* **Task brief**: Search the entries for the word "shows" and report each line that has it.

* **Exercise input**:
[Start of section]

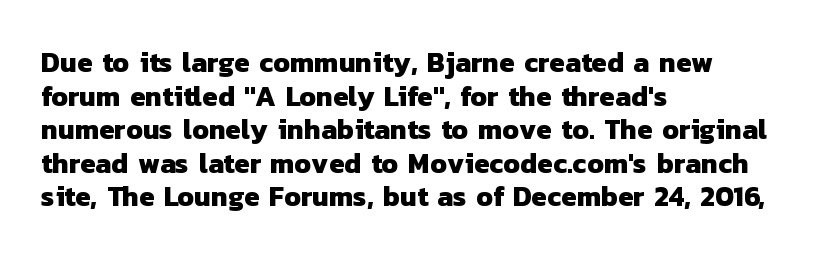
Q: Is the text bold? A: Yes.
Q: Is the typeface a serif or a sans-serif typeface? A: Sans-serif.
Q: Is the text underlined? A: No.
Q: How is the paragraph aligned? A: Left-aligned.
Q: Is the spacing between letters normal or unusually wide? A: Normal.
Q: Width (condensed, normal, or wide)? A: Normal.
Q: Stroke contrast? A: Low.
Q: x-height? A: Medium.
Q: Monospaced? A: No.
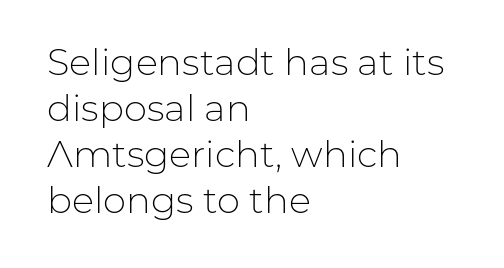
Q: Is the text bold? A: No.
Q: Is the text italic (slanted)? A: No, it is upright.
Q: Is the typeface a serif or a sans-serif typeface? A: Sans-serif.
Q: Is the text underlined? A: No.
Q: How is the paragraph aligned? A: Left-aligned.
Q: Is the spacing between letters normal or unusually wide? A: Normal.
Q: Width (condensed, normal, or wide)? A: Normal.
Q: Stroke contrast? A: Low.
Q: x-height? A: Medium.
Q: Monospaced? A: No.
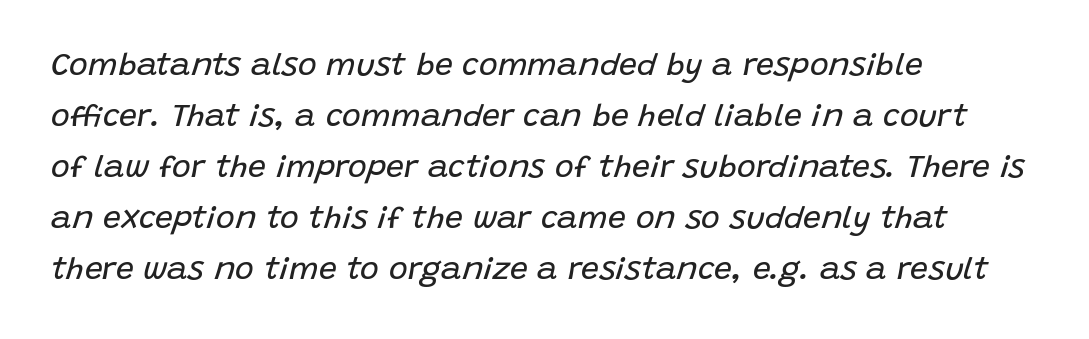
The image shows 32 px regular-weight type, italic (leaning right); set left-aligned, normal line spacing (1.59x), normal letter spacing, not underlined; low stroke contrast and a large x-height.
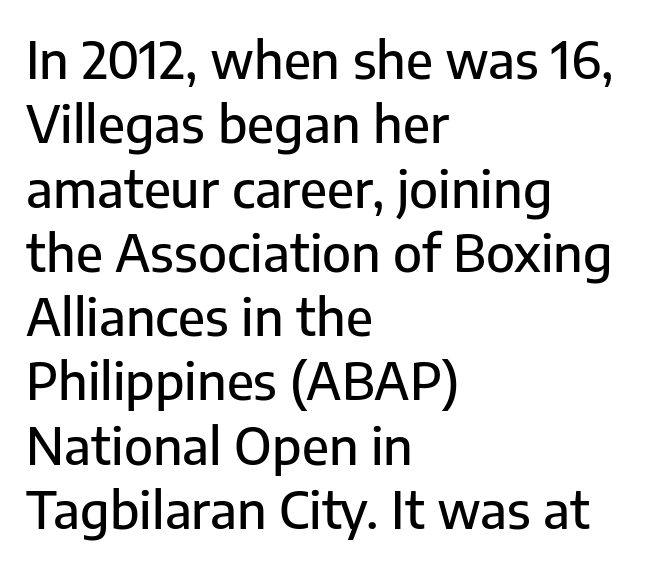
Q: Is the text italic (slanted)? A: No, it is upright.
Q: Is the typeface a serif or a sans-serif typeface? A: Sans-serif.
Q: Is the text underlined? A: No.
Q: How is the paragraph aligned? A: Left-aligned.
Q: Is the spacing between letters normal or unusually wide? A: Normal.
Q: Is the spacing between lines tight, normal or loose? A: Normal.
Q: Width (condensed, normal, or wide)? A: Normal.
Q: Stroke contrast? A: Low.
Q: x-height? A: Medium.
Q: Monospaced? A: No.
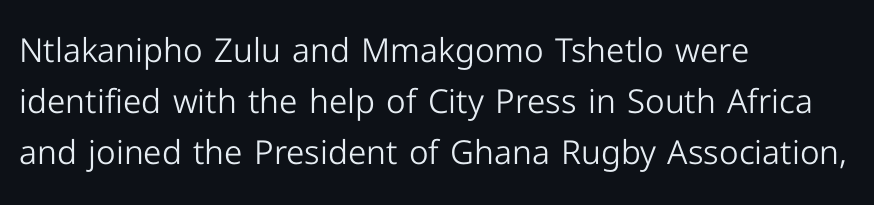
{"serif": "no", "italic": "no", "bold": "no", "weight": "light", "width": "normal", "stroke_contrast": "low", "x_height": "medium", "monospaced": "no", "underline": "no", "align": "left", "line_spacing": "normal", "line_spacing_ratio": 1.55, "letter_spacing": "normal", "letter_spacing_em": 0.0, "glyph_px": 33}
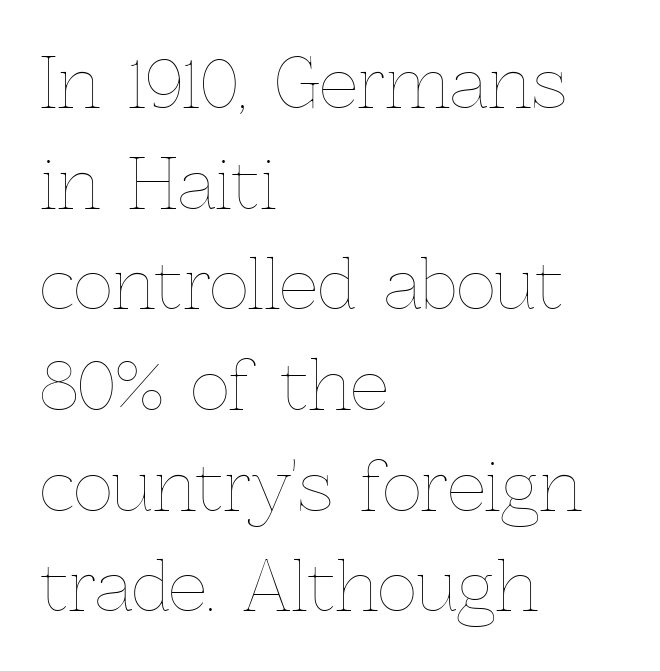
The image shows 68 px thin type, upright; set left-aligned, normal line spacing (1.48x), normal letter spacing, not underlined; a medium x-height.
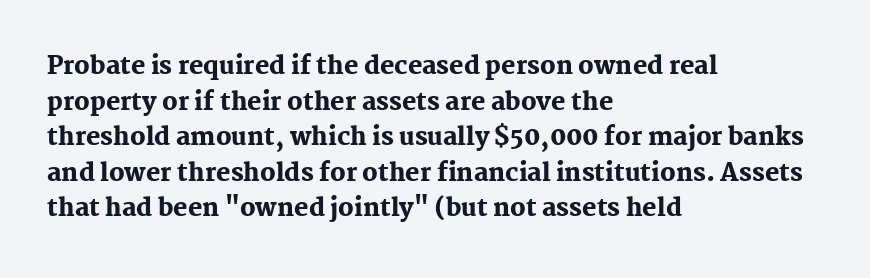
Its strokes are broad and dark, the hallmark of bold type. Short and long lines alike share a common starting point at left. Reading down the column, the eye jumps a familiar distance to each next line. Bare-footed words on every line.
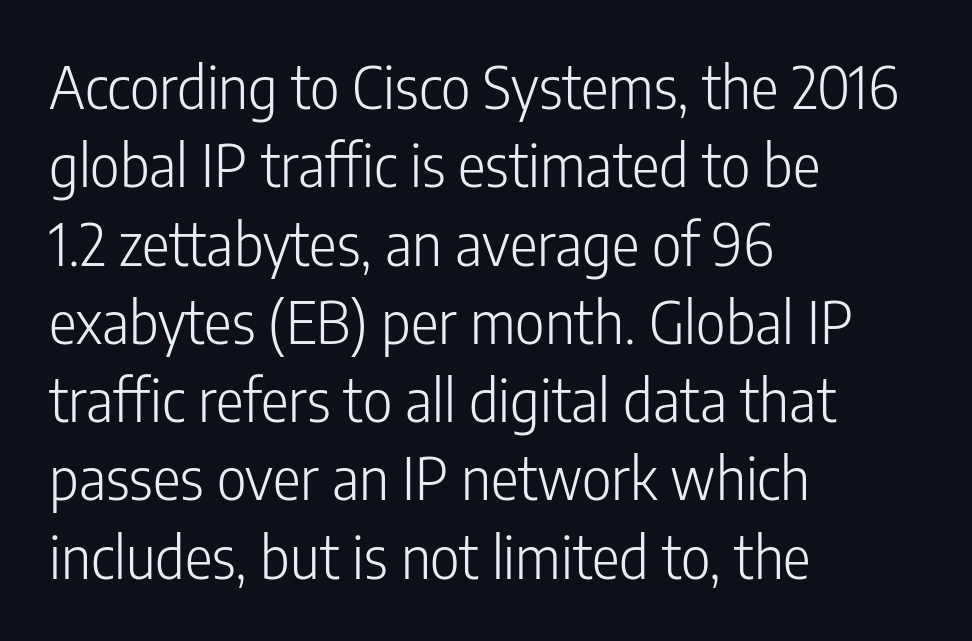
Q: Is the text bold? A: No.
Q: Is the text italic (slanted)? A: No, it is upright.
Q: Is the typeface a serif or a sans-serif typeface? A: Sans-serif.
Q: Is the text underlined? A: No.
Q: How is the paragraph aligned? A: Left-aligned.
Q: Is the spacing between letters normal or unusually wide? A: Normal.
Q: Is the spacing between lines tight, normal or loose? A: Normal.
Q: Width (condensed, normal, or wide)? A: Condensed.
Q: Stroke contrast? A: Low.
Q: x-height? A: Medium.
Q: Monospaced? A: No.
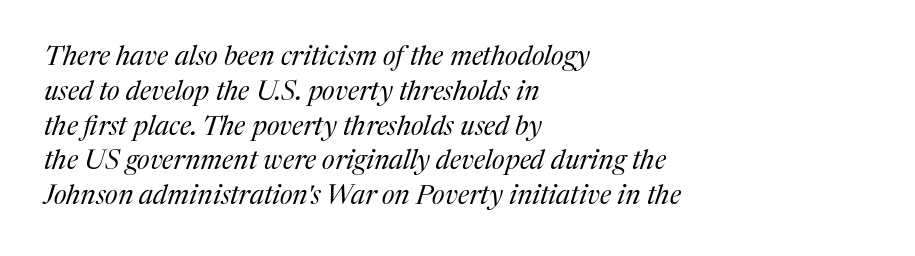
The image shows 27 px text type, italic (leaning right); set left-aligned, normal line spacing (1.29x), normal letter spacing, not underlined.
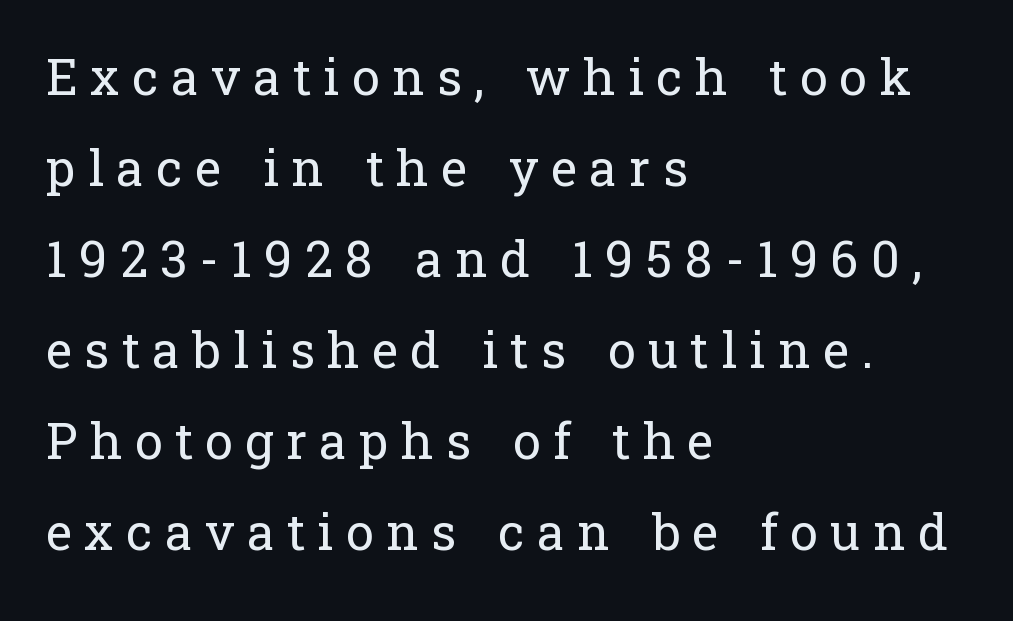
{"serif": "yes", "italic": "no", "bold": "no", "weight": "regular", "width": "normal", "stroke_contrast": "low", "x_height": "medium", "monospaced": "no", "underline": "no", "align": "left", "line_spacing_ratio": 1.82, "letter_spacing": "wide", "letter_spacing_em": 0.25, "glyph_px": 50}
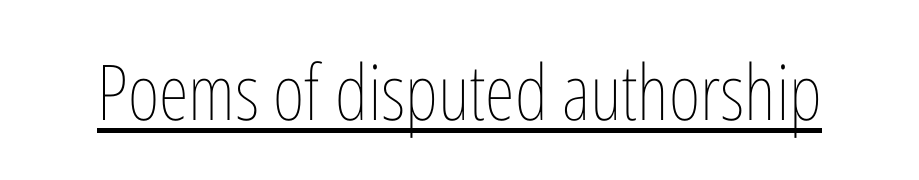
The rendered words wear a rule along their underside. Inter-character spacing is left at the font's built-in metrics. You could not count columns in this text — the font is proportionally spaced. The face looks like a standard text weight, possibly lighter.
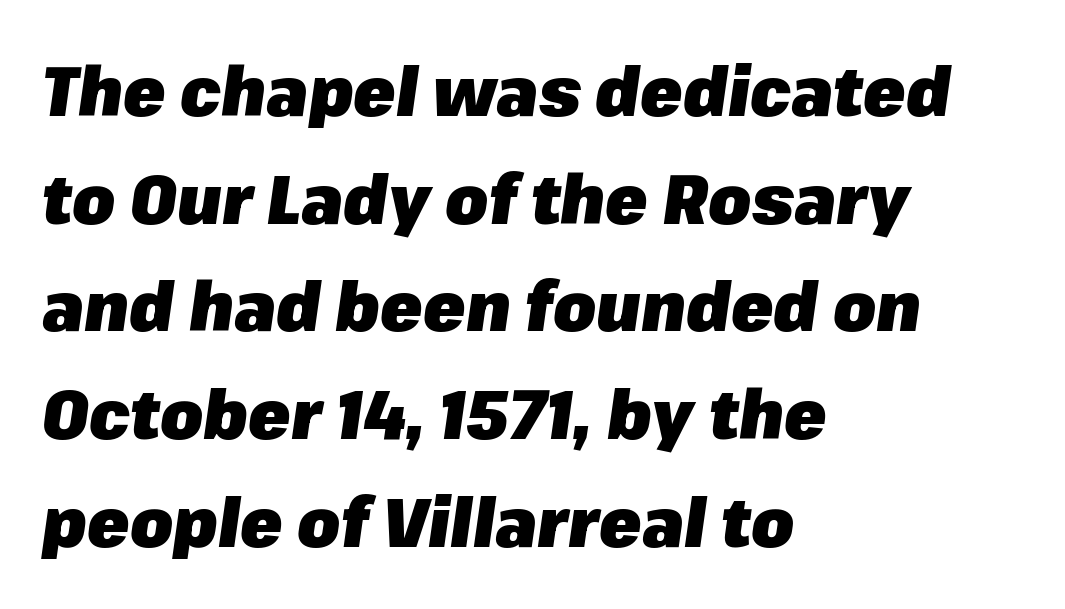
{"italic": "yes", "lean": "right", "slant_degrees": 8, "bold": "yes", "weight": "heavy", "width": "normal", "stroke_contrast": "low", "x_height": "medium", "monospaced": "no", "underline": "no", "align": "left", "line_spacing": "normal", "line_spacing_ratio": 1.56, "letter_spacing": "normal", "letter_spacing_em": 0.0, "glyph_px": 69}
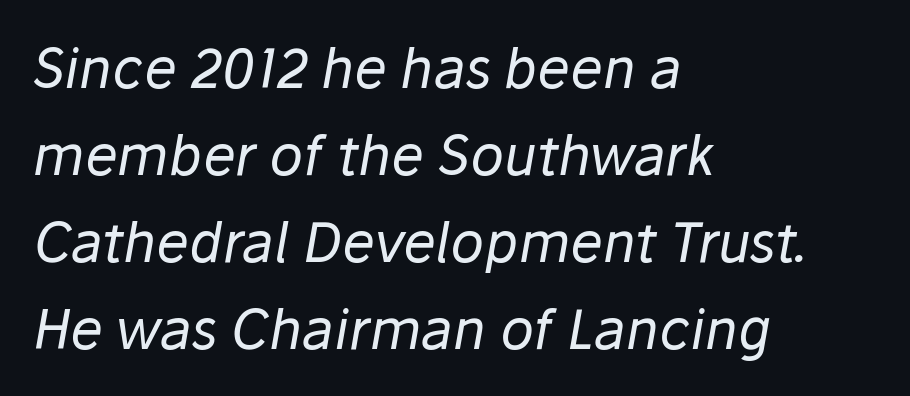
The image shows 55 px regular-weight type, italic (leaning right); set left-aligned, normal line spacing (1.58x), normal letter spacing, not underlined; low stroke contrast and a medium x-height.

[End of section]

* **Worked solution**:
The image shows 32 px regular-weight type, italic (leaning right); set left-aligned, normal line spacing (1.59x), normal letter spacing, not underlined; low stroke contrast and a large x-height.
The image shows 68 px thin type, upright; set left-aligned, normal line spacing (1.48x), normal letter spacing, not underlined; a medium x-height.
The image shows 27 px text type, italic (leaning right); set left-aligned, normal line spacing (1.29x), normal letter spacing, not underlined.
The image shows 55 px regular-weight type, italic (leaning right); set left-aligned, normal line spacing (1.58x), normal letter spacing, not underlined; low stroke contrast and a medium x-height.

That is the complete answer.